§ **Prompt**: Print the lines below from the line with "އެ އެއްބަސްވުމުގެ ދަށުން" to the line with "may be said to" exactly, keeping both ends, and print no pictures.

§ **Extracted entries**:
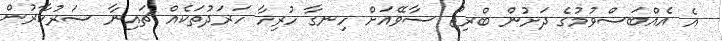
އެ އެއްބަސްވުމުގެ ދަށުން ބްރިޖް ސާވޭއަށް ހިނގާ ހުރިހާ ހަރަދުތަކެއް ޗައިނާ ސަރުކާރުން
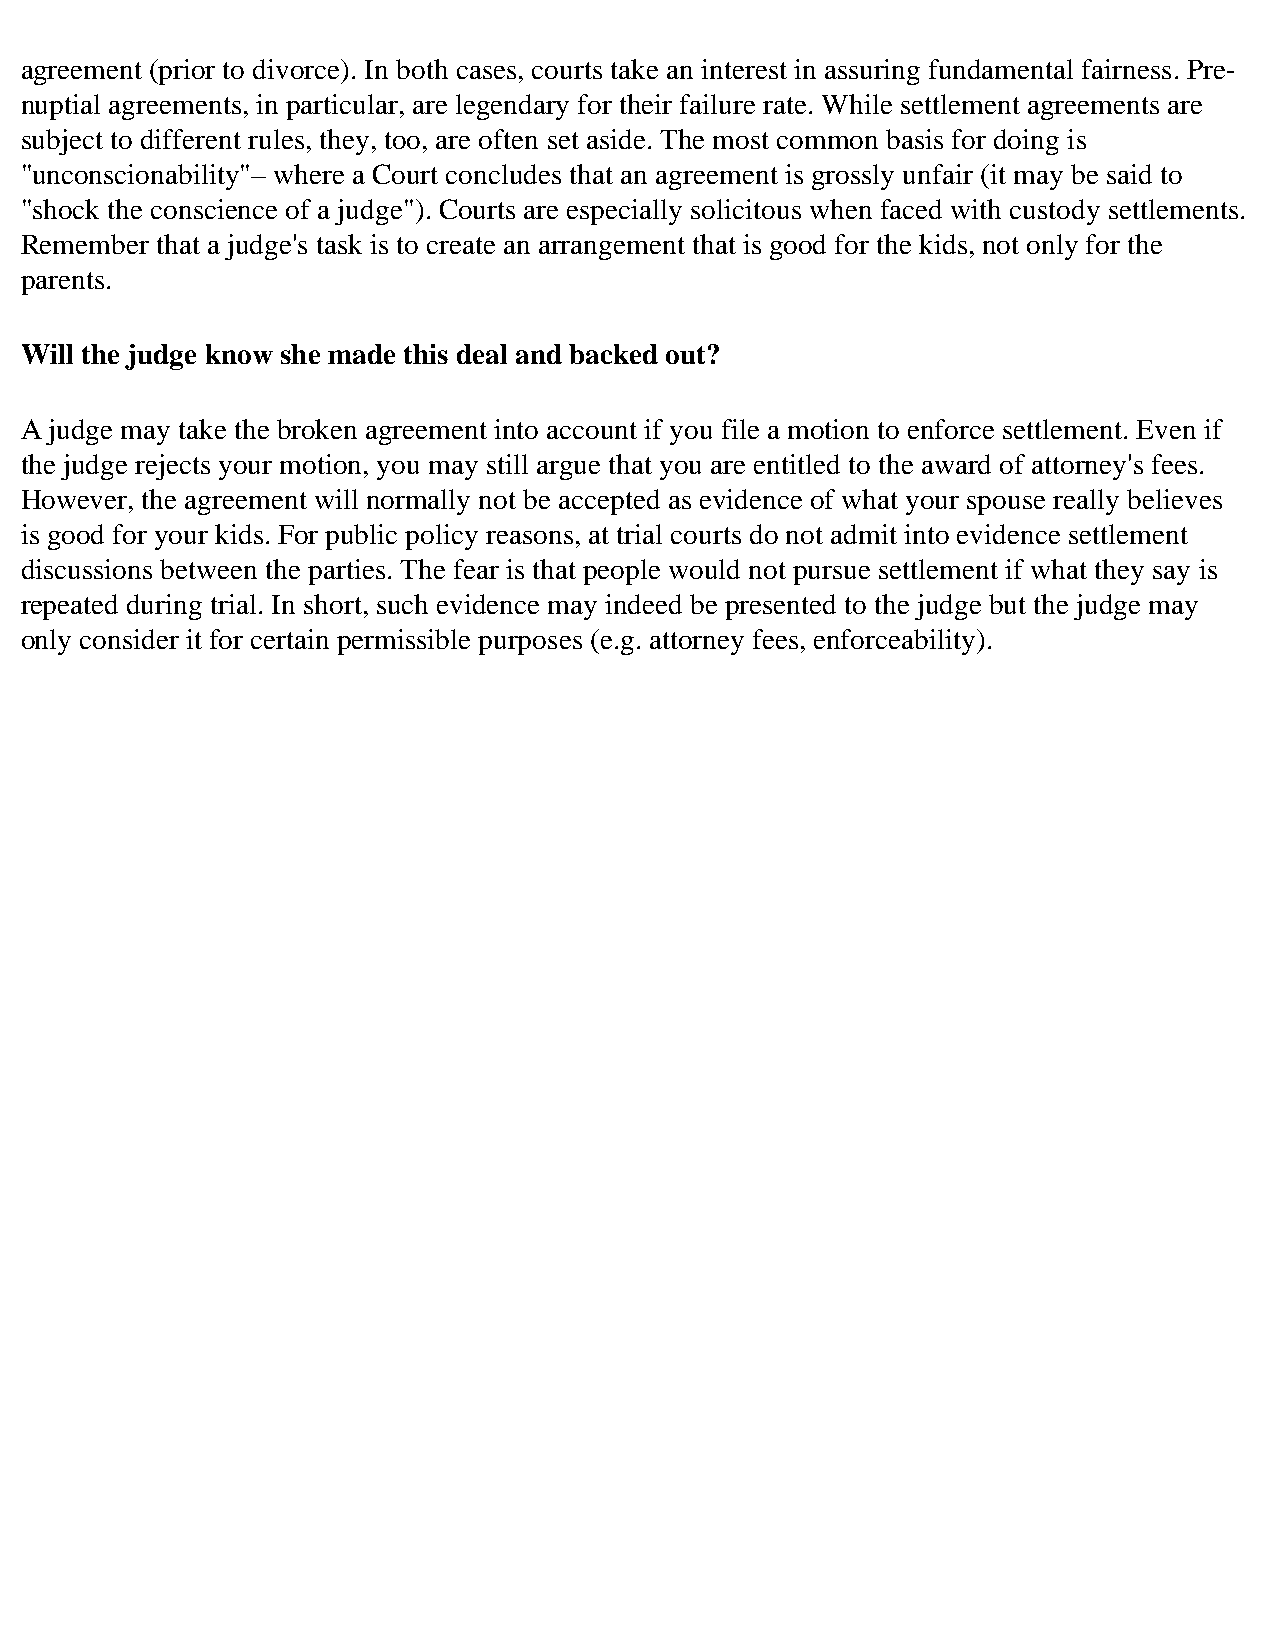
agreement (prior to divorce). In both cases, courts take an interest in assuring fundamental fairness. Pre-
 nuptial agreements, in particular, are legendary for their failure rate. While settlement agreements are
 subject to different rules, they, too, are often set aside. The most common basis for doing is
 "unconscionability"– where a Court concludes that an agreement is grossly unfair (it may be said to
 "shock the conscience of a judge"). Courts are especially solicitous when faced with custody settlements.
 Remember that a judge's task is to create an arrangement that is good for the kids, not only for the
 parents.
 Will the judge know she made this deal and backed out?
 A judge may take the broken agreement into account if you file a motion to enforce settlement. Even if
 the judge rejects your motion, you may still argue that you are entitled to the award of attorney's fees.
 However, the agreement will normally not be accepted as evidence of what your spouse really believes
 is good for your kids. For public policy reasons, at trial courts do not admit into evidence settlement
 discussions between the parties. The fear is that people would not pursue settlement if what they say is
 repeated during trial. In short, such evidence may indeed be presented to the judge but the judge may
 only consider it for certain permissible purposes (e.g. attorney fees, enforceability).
...
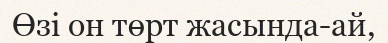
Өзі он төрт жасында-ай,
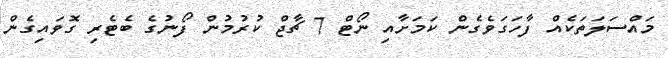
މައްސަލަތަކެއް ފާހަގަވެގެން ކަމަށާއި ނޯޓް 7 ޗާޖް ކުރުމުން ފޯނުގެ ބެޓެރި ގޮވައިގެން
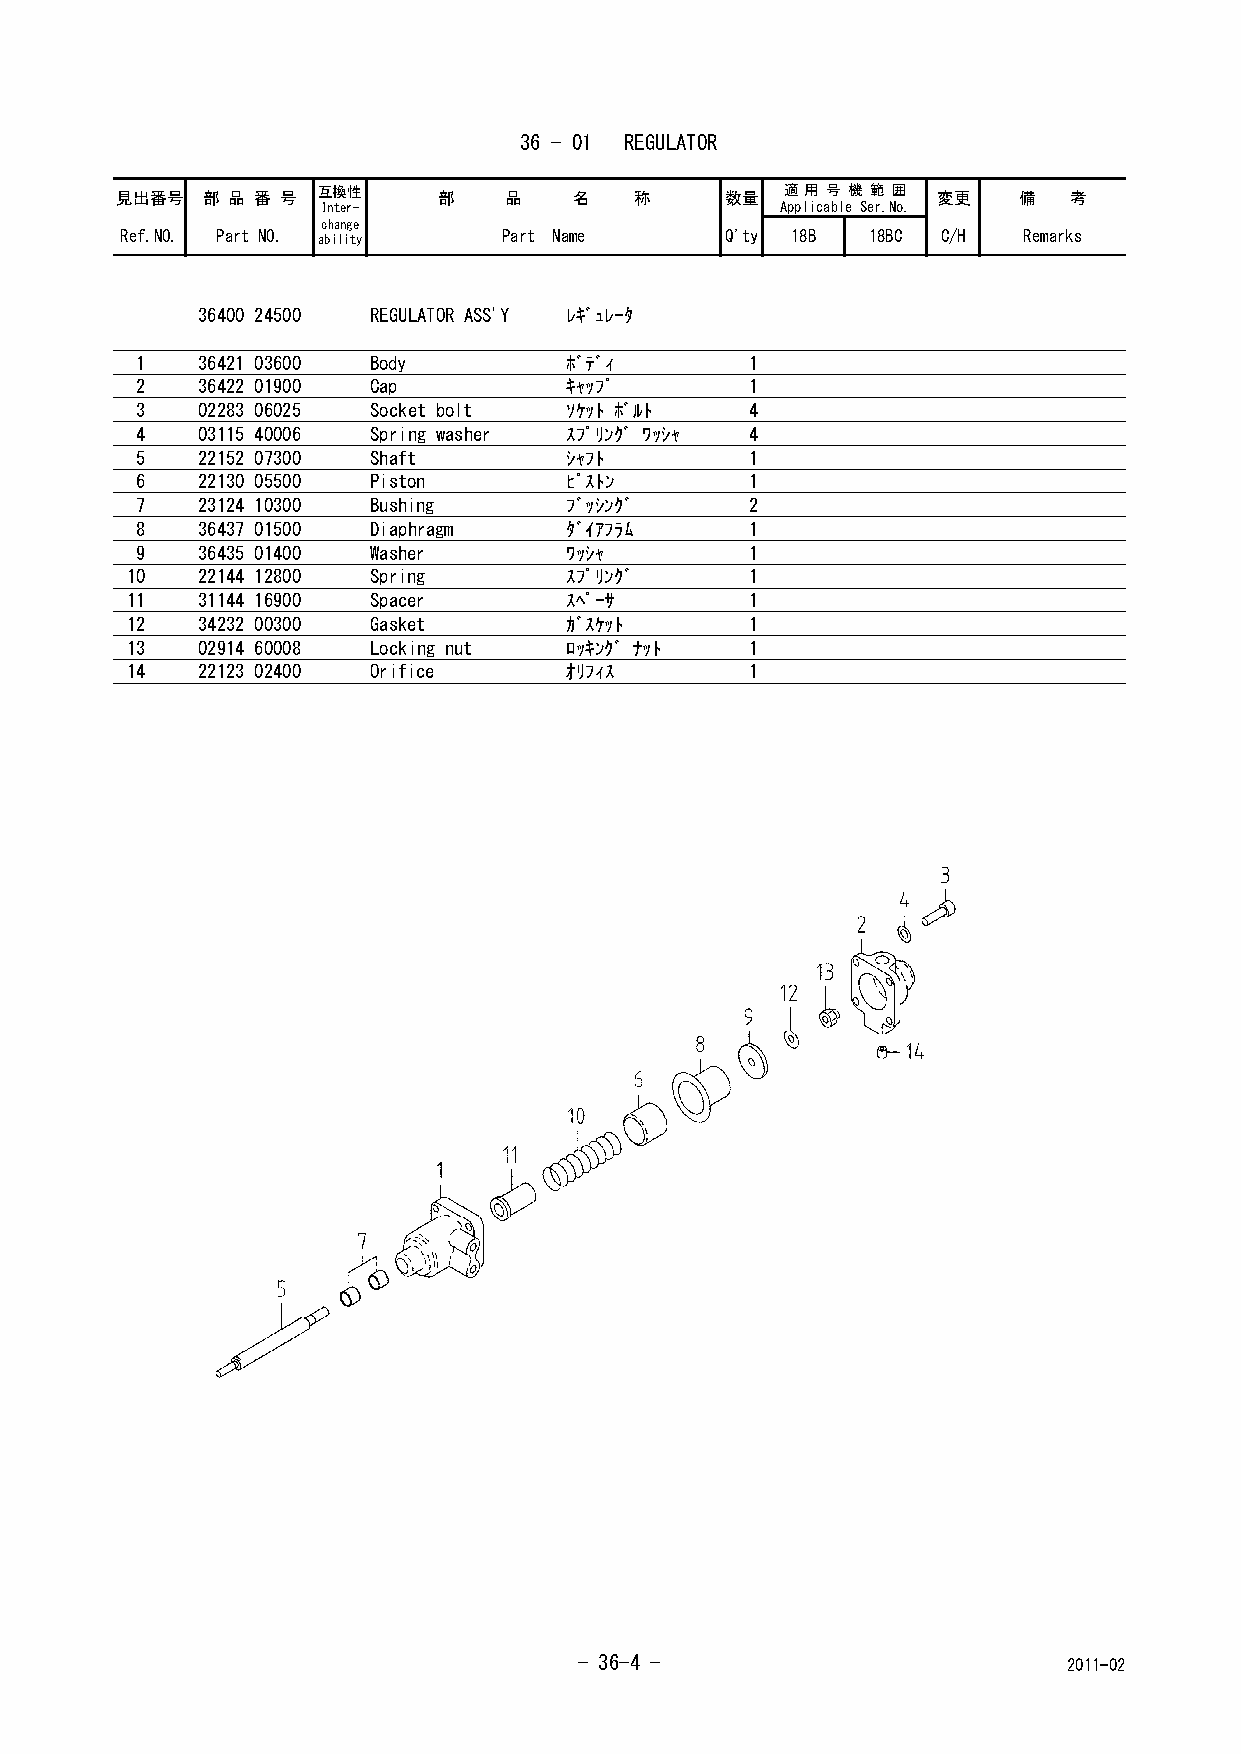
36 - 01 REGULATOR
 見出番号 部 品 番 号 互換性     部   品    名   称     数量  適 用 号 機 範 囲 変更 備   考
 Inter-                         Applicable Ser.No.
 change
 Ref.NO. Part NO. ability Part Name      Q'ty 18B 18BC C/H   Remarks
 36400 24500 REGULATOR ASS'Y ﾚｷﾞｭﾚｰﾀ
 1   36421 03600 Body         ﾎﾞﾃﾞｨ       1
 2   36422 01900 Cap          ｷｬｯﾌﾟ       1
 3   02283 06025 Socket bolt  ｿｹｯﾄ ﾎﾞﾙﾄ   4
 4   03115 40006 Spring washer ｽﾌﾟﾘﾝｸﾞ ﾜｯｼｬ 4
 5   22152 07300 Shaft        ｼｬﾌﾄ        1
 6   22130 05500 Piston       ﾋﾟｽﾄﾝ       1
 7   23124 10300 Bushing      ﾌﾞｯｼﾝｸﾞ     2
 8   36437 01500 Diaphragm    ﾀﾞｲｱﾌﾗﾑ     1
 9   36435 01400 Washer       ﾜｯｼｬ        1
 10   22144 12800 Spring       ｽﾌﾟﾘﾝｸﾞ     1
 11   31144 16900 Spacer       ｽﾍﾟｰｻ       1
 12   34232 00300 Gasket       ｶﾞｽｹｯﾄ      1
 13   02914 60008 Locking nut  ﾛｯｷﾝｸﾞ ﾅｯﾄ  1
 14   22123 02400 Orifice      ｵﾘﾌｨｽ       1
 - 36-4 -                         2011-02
...
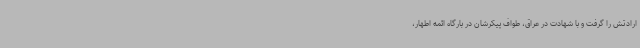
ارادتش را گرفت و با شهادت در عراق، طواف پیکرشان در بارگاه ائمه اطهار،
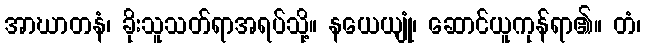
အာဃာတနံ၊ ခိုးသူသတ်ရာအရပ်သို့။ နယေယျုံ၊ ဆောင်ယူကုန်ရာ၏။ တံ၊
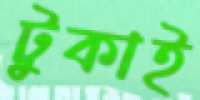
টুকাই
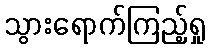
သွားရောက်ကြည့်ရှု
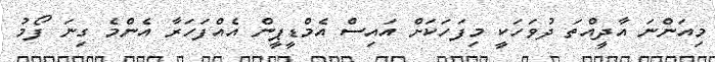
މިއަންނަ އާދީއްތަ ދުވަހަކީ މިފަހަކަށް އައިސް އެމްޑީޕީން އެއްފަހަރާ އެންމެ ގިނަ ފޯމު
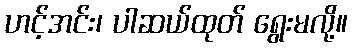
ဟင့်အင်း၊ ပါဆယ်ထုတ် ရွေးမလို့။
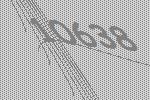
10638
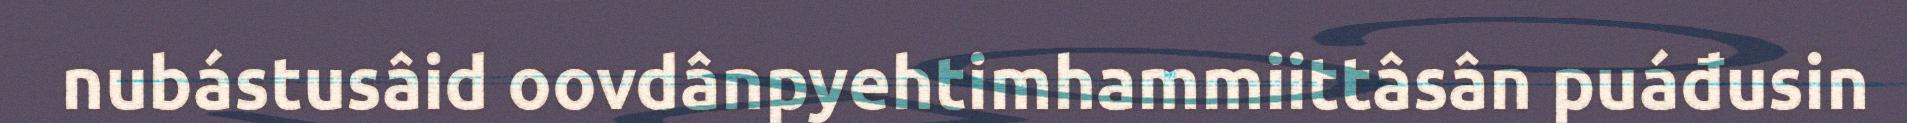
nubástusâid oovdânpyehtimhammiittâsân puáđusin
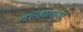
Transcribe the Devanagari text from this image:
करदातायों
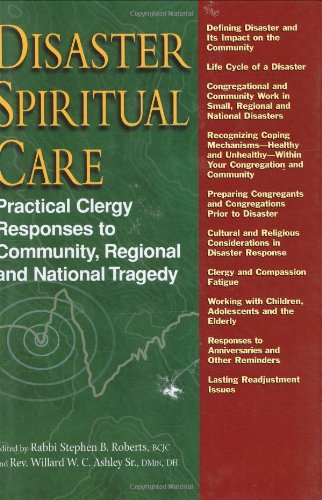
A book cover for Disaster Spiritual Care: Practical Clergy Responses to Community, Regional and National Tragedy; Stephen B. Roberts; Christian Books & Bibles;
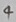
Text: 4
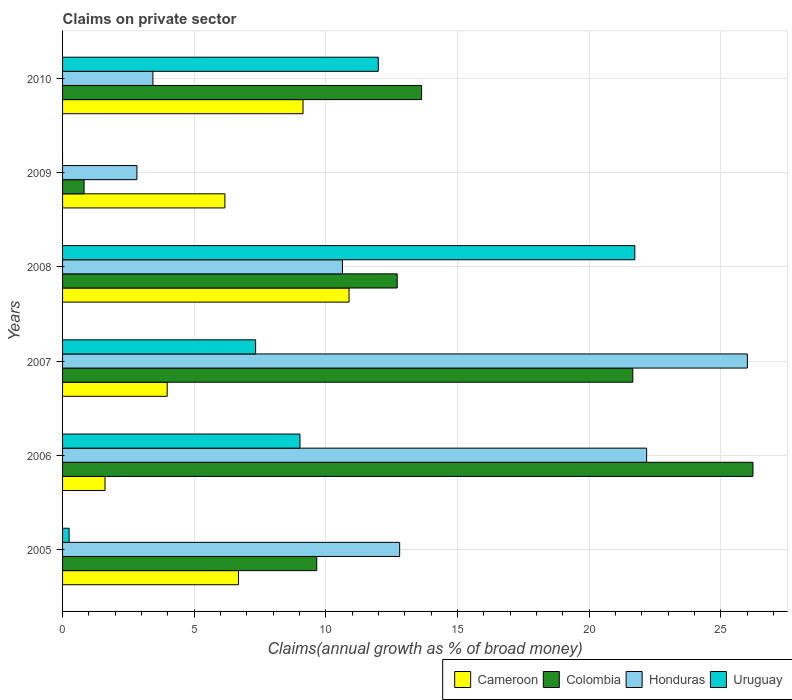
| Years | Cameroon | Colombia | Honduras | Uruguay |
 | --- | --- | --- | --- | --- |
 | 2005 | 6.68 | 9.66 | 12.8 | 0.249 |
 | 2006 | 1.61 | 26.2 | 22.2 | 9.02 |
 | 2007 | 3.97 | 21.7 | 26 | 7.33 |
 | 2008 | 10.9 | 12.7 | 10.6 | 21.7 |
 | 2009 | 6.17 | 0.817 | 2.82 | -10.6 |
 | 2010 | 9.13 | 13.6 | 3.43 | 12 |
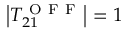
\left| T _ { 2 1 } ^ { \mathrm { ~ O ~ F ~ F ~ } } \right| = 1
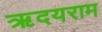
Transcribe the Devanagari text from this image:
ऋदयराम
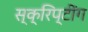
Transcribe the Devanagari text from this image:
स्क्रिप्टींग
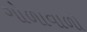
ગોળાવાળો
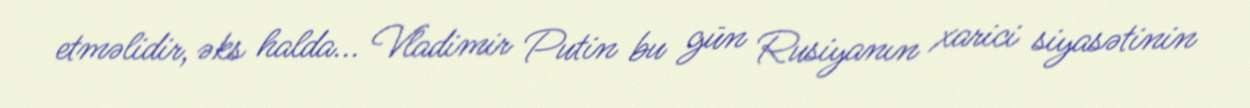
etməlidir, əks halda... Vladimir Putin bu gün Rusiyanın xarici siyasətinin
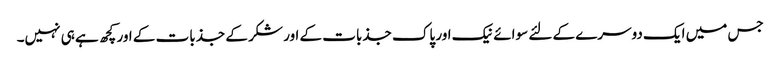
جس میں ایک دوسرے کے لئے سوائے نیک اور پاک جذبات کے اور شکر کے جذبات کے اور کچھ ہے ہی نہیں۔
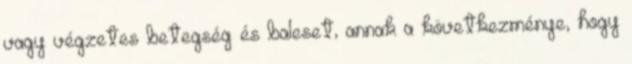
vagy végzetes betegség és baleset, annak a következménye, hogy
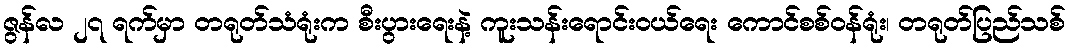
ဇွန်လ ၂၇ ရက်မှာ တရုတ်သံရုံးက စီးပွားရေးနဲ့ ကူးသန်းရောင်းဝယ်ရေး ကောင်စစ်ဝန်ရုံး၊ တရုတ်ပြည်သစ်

§ **Written solution**:
އެ އެއްބަސްވުމުގެ ދަށުން ބްރިޖް ސާވޭއަށް ހިނގާ ހުރިހާ ހަރަދުތަކެއް ޗައިނާ ސަރުކާރުން
agreement (prior to divorce). In both cases, courts take an interest in assuring fundamental fairness. Pre-
 nuptial agreements, in particular, are legendary for their failure rate. While settlement agreements are
 subject to different rules, they, too, are often set aside. The most common basis for doing is
 "unconscionability"– where a Court concludes that an agreement is grossly unfair (it may be said to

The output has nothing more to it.